Despite the exhaustion of scientific testing of the remains and Mungo National Park being declared a Unesco world heritage site in part because of its unique global human connection, there was entrenched institutional opposition to Mungo Man’s return to the country. As the traditional owners, Bowler and Mulvaney were excited to bring the remains home and give them a respectful burial. Mungo Man was brought back to the country in 2017 after Mungo Lady was brought back in 1992. Both were kept in a secure facility associated with Mungo national park.

Some senior traditional custodians are deeply concerned that these bodies will be secreted in 2022. The Aboriginal advisory group made up of members of the three traditional owner groups that advise the New South Wales bureaucracy on traditional land management in the Willandra Lakes region the reburial advanced. . Some individual members of the advisory group opposed the rebuild.

The reburial was divisive in the local Aboriginal communities. Some wanted a more impressive burial, others wanted a memorial. Jason Kelly, grandson of Alice Kelly, is still angry about the secret burial, which he tried to stop.

“It’s going against my grandmother’s wishes, who didn’t want to send them secretly – but [into] place of custody, respectfully and securely.”

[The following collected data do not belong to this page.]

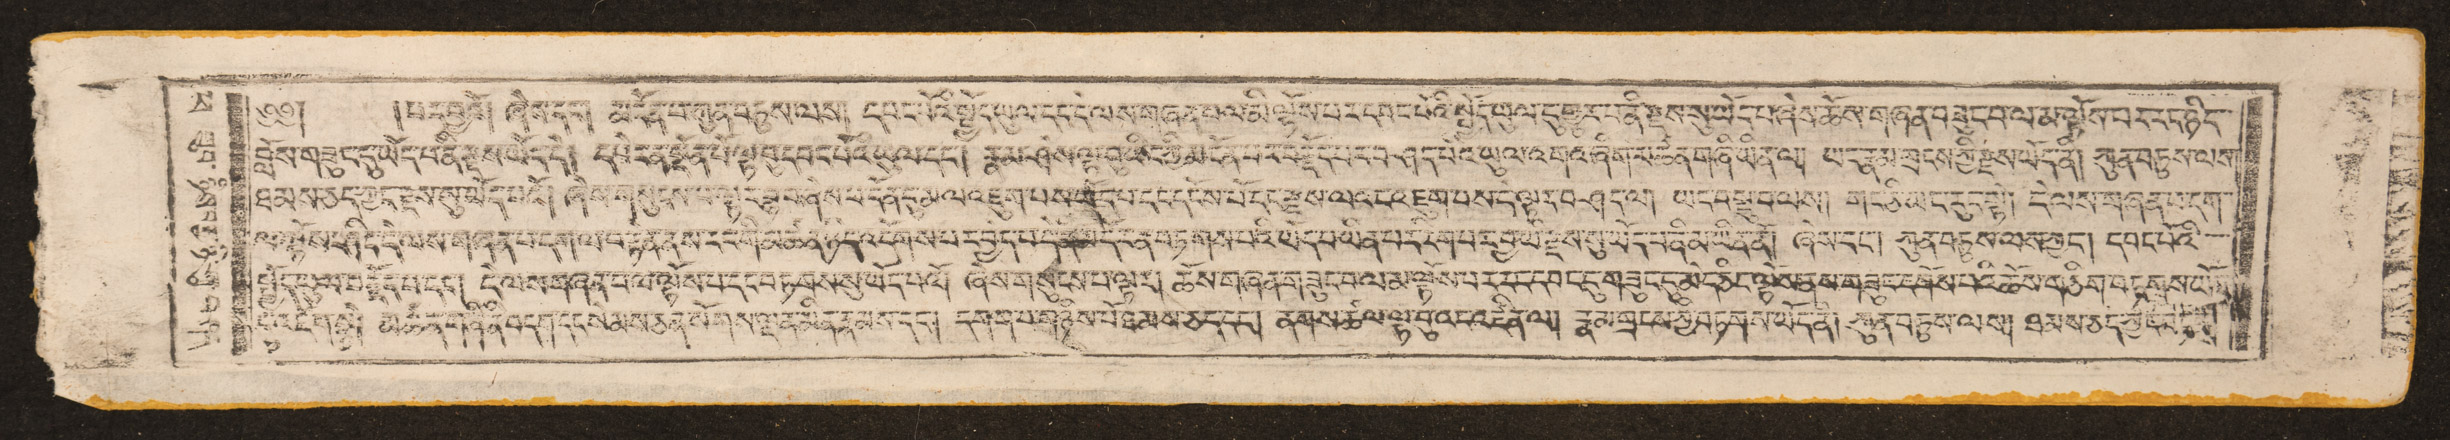༄༅། །བར་བྱའོ། ཞེས་དང་། མངོན་པ་ཀུན་བཏུས་ལས། དབང་པོའི་སྤྱོད་ཡུལ་དང་དེ་ལས་གཞན་པ་ལ་མི་ལྟོས་པར་དབང་པོའི་སྤྱོད་ཡུལ་དུ་གྱུར་བ་ནི་རྫས་སུ་ཡོད་པ་ཞེས་ཆོས་གཞན་བཟུང་བ་ལ་མ་ལྟོས་པར་རང་ཉིད་
བློས་གཟུང་དུ་ཡོད་པ་ནི་རྫས་ཡོད་དེ། དཔེར་ན་སྔོན་པོ་ལྟ་བུ་དབང་པོའི་ཡུལ་དང་། རྣམ་ཤེས་ལྟ་བུ་ཡིད་ཀྱི་མངོན་པར་བརྗོད་པར་བཤད་པའི་ཡུལ་འགའ་ཞིག་མཚན་གཞི་ཡིན་ལ། ཡང་རྣམ་གྲངས་ཀྱི་རྫས་ཡོད་ནི། ཀུན་བཏུས་ལས་
ཐམས་ཅད་ཀྱང་རྫས་སུ་ཡོད་པའོ། ཞེས་གསུངས་པ་ལྟར་བྷ་བཞེས་པ་དོན་དུ་མ་ལ་འཇུག་པས་ཡོད་པ་དང་དངོས་པོ་དང་རྫས་ལ་འང་འཇུག་པས་དེ་ལྟར་བཤད་ལ། ཡང་བསྡུ་བ་ལས། གང་ཅི་ཡང་རུང་སྟེ། དེ་ལས་གཞན་པ་དག་
ལ་ལྟོས་ཤིང་དེ་ལས་གཞན་པ་དག་ལ་བརྟེན་ནས་རང་གི་མཚན་ཉིད་འདོགས་པར་བྱེད་པ་དེ་ནི་མདོར་ན་བཏགས་པའི་ཡོད་པ་ཡིན་པར་རིག་པར་བྱ་ཡ་རྗེས་སུ་ཡོད་པ་ནི་མ་ཡིན་ནོ། ཞེས་དང་། ཀུན་བཏུས་ལས་ཀྱང་། དབང་པོའི་
སྤྱོད་ཡུལ་བརྗོད་པ་དང་། དེ་ལས་གཞན་པ་ལ་ལྟོས་བ་དང་བཏགས་སུ་ཡོད་པའོ། ཞེས་གསུངས་པ་ལྟར། ཆོས་གཞན་གཟུང་བ་ལ་མ་ལྟོས་པར་རང་དབང་དུ་གཟུང་དུ་མེད་ཅིང་ལྟོས་ནས་གཟུང་དགོས་པའི་ཆོས་གཅིག་བཏགས་ཡོད་
དུ་འཇོག་སྟེ། མཚན་གཞི་ནི་བདག་དང་སེམས་ཅན་སོགས་ལྡན་མིན་རྣམས་དང་། དགག་པ་གཉིས་པོ་ཐམས་ཅད་དང་། ནགས་ཚལ་ལྟ་བུ་འང་འཛིན་ལ། རྣམ་གྲངས་ཀྱི་བཏགས་ཡོད་ནི། ཀུན་བཏུས་ལས། ཐམས་ཅད་ཀྱང་བཏགས་

Kelly and his father, Danny Kelly (Alice’s only living child), and his uncle, Ngiyampaa elder Roy Kennedy, now in his 90s, were among those traditional owners who joined Bowler and his family on shore Lake Mungo this week.

Bowler and some elders had hoped to visit the burial site. But the advisory group rejected the proposal.

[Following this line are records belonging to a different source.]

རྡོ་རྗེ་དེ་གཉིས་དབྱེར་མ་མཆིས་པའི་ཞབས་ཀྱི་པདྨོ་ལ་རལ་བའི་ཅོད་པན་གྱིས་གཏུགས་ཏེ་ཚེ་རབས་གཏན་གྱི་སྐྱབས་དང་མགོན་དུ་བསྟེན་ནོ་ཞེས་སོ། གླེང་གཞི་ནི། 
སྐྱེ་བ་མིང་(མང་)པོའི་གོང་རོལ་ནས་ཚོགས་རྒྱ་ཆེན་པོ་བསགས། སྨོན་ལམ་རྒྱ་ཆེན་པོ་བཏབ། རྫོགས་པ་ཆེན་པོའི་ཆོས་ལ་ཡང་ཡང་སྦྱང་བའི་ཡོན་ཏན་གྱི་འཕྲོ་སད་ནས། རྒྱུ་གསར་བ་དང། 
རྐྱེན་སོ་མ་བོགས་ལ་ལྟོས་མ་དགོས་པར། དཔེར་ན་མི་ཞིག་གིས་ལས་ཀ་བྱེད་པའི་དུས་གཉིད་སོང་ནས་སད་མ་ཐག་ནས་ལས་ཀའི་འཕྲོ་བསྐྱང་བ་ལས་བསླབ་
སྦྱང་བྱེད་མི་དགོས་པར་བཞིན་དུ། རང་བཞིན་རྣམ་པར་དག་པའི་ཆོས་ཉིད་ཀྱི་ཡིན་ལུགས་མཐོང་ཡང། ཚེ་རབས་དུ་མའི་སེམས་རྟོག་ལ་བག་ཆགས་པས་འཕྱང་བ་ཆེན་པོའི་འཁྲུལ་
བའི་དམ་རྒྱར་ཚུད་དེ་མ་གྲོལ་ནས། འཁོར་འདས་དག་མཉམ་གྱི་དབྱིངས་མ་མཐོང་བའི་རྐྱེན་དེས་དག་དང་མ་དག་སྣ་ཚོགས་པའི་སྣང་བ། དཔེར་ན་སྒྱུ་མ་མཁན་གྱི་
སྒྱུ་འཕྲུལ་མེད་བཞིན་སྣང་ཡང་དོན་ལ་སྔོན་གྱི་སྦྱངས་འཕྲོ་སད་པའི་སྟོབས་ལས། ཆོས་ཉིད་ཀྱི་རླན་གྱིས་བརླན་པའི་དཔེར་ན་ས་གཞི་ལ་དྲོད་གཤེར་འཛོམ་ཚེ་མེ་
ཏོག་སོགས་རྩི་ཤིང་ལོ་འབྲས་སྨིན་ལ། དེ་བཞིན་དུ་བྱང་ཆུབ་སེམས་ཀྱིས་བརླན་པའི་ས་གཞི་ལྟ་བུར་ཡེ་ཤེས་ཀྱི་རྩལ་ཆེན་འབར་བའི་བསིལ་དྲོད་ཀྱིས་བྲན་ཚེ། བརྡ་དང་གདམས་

“It was vital for them to be there with Jim,” says Kelly. “It was great to be there but it was disappointing that the seniors couldn’t go out to their own [secret] burial site. And it was a disappointment to my father and Uncle Roy that the whole country did not realize that this was the 50th anniversary and what Mungo Man means to the country and to the world.”

Although Bowler said he felt the need to be close to where he found Mungo Man, the day was also disappointing that he could not go to the reburial site and that these oldest Indigenous Australians had been unceremoniously removed .

“They didn’t deserve to be secretly dishonored,” says Bowler. “In contrast to the ritual ceremony enacted there 40,000 years ago, the secret reburial is a sad moment. Although it’s not one we want to focus on. Time has passed. Some mistakes have been made – we’ve all made mistakes. We now have to move on to the next step.”

That step, he says, should be a year-long reconciliation dialogue “to find that healing glue” after the constitutional recognition referendum was defeated last October.

“There is a need for healing – the need for dialogue between the different cultures has not been resolved. With the failure of the referendum, the search for the healing device is urgently needed. What can the nation unite now? I am suggesting that it is the example of the Mungo people and their deep connection to the land and the spiritual aspect that encompasses, as the closest people to the cosmos.”

Kelly agrees.

“His proposal for a dialogue around Mungo is immediate. My grandmother always promoted it as a healing place. And as a place of education for all Australians … we have not come close to achieving Mungo’s potential as a place of global cultural, spiritual and human significance.”

Bowler, at 94, may yet return to Loch Mungo. But no matter, the conversation that sparked its discovery 50 years ago is likely to continue – because of its human importance and all the misery it has caused.